I remember the first time I joined the Army. Yes, I actually joined the Army twice, but only served once.
I had been out of high school for probably less than a year and was barely eighteen. At the time, I was working at the Athens Table Company operating a tenon saw.
Simply put, it was a large, dangerous, double-bladed saw designed to shape the edges of boards so they could be built into things like...desks and tables. I got the job because the guy who was working the saw got his hand caught in it and, though he kept his hand, I'm not so sure that it ever was the same. (I do remember him actually returning to work there some time thereafter.) So, I was offered a raise and a transfer from a press that I was then operating.
After some months of doing this job and realizing that it, like my life, was dead end and that there was no real hope for a future there for me, I got the notion to talk to an Army recruiter and see what he had to offer. He had some wonderful words to say about college money and travel in Europe. I would be attending Basic Training at Ft. Dix, New Jersey, (coincidentally where dad had had his basic before being shipped to Africa to fight Nazis,) and showed me on a map where I would be stationed in Deutschland to listen in on Communist radio broadcasts. (Yes, the U.S.S.R. was still alive and kicking back then.) It all sounded very fascinating and terrifying.

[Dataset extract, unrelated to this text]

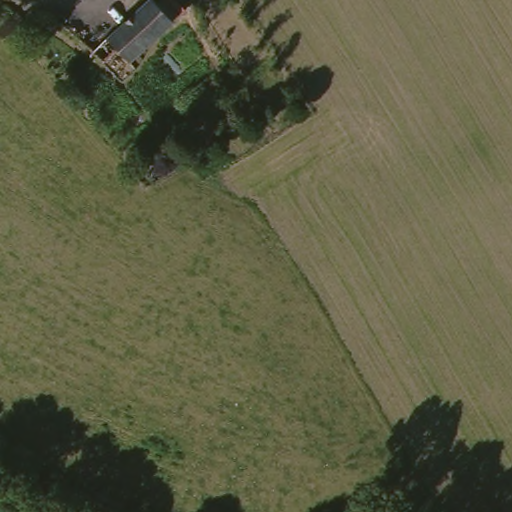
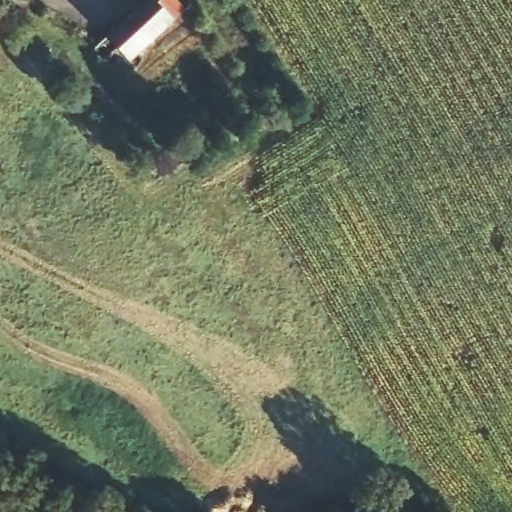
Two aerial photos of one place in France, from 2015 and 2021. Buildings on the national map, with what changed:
unchanged [(179,12),(173,19),(163,29),(140,52),(130,45),(129,43),(112,58),(109,60),(97,49),(146,0),(167,0),(179,12)]

In fact, the more I thought about it, the more terrifying it became. I was eighteen, legally an adult, but awfully, awfully immature. I mean, ridiculously so! That's when things got worse.
One early morning on the job, as was occasionally the case, there was no work for me on my machine, so they sent me to work on another. Sometimes, it was a table saw and sometimes a band saw and, as was the case this morning, a double-bladed router.

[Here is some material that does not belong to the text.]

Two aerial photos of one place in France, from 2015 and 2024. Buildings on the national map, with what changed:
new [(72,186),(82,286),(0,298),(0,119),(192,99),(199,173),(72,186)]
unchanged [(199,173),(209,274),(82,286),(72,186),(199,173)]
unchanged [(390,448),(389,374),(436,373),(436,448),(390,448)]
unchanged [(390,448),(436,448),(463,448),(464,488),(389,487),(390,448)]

I had used them before and had a very good idea of how to use them, but, for some reason, I wasn't exactly on my game this day. It was cold and I was thinking that my fingers were numb when a really, really stupid idea popped into my head. A pipe was set up on the table just so that it would blow shavings away from the blades and I noticed that the air coming out was actually warm. Before I thought, I put the fingers near the tube, which was, of course, too near the blades and, before I knew, I had clipped the ends off of my fingers. I remember vividly the piles of sawdust around my machine being splattered with my very own blood!
I called my boss over, he said some choice words and someone took me to the hospital. They bandaged my hands and sent me back to the job for paperwork. After that, I went home, in less pain than you might've imagined. (The real pain was, a couple of days later, when the nurse at the factory removed the bandages that were stuck with dried blood to my fingers.)
So, the next thing I had to do was contact my recruiter, who set up a very brief appointment with a recruiter doctor who said, "Well, you can't do pushups with that hand." I was given a postponement, but was hoping for a little more.
This entire episode resulted in me spending several weeks at home with mom and dad, but no paycheck. Yes, maybe I should've been paid somehow, but was too ignorant to know how those things worked.
As it was, I was, frankly, more and more afraid of leaving hearth and home and momma's apron strings, to go off on the adventure of a lifetime with Uncle Sam's Army. To make it worse, things were tough around the house financially and physically. Dad had not been sick for very long, and I was stuck with too much time to worry, be afraid and wallow in my own, dare I say it, cowardice.
After some time, I contacted my recruiting sergeant and attempted to explain my predicament. I can't say he was exactly happy with my new found reluctance, but, looking back, he was more helpful than I deserved. He set up an appointment with his boss, a captain who I was to meet me in Knoxville, for a discussion concerning my desire to get out of my commitment through, what was called, a "hardship."
I talked to the captain, attempting to retain some modicum of dignity, never realizing I was actually failing miserably. He did, ultimately, recommended me for a discharge from the Delayed Entry Program (D.E.P.) He told me that, as a caveat, I could not join any branch of the military for three years. I had no problem with that. Then he said some words to me that I've never forgotten and that I was too young, naïve and downright stupid to appreciate. He said that he hated for me to not go because I "would've made a hell of a soldier!"
I came home, greatly relieved, but none the wiser. I didn't even go back to the Table Company to tell them of my non-military situation. I only knew that I didn't want to go back there and sought new employment.
I found a job waiting tables at Western Sizzlin' Steak House. As far as I know, I'm the first waiter they ever had there.
Three plus years passed and my life was still going nowhere. So I decided to, once again, give some serious thought to the military. I was a little older, if only slightly more mature, and had still not gotten it out of my blood. I suppose being reared on John Wayne and apple pie, not to mention being a baby-boomer son of a WW II veteran as well as a brother to a Vietnam veteran, it was fairly natural for me to want to give at least of couple of years of my life to serving our country in uniform.
So, I told dad I was going to Cleveland to the recruiter’s off to talk to the Air Force. I thought that they would provide the best opportunity for some technical training that might prove useful after my hitch was up. I came home telling him I was, for a number of reasons, joining the Army instead. Dad was amazingly agreeable about the entire episode.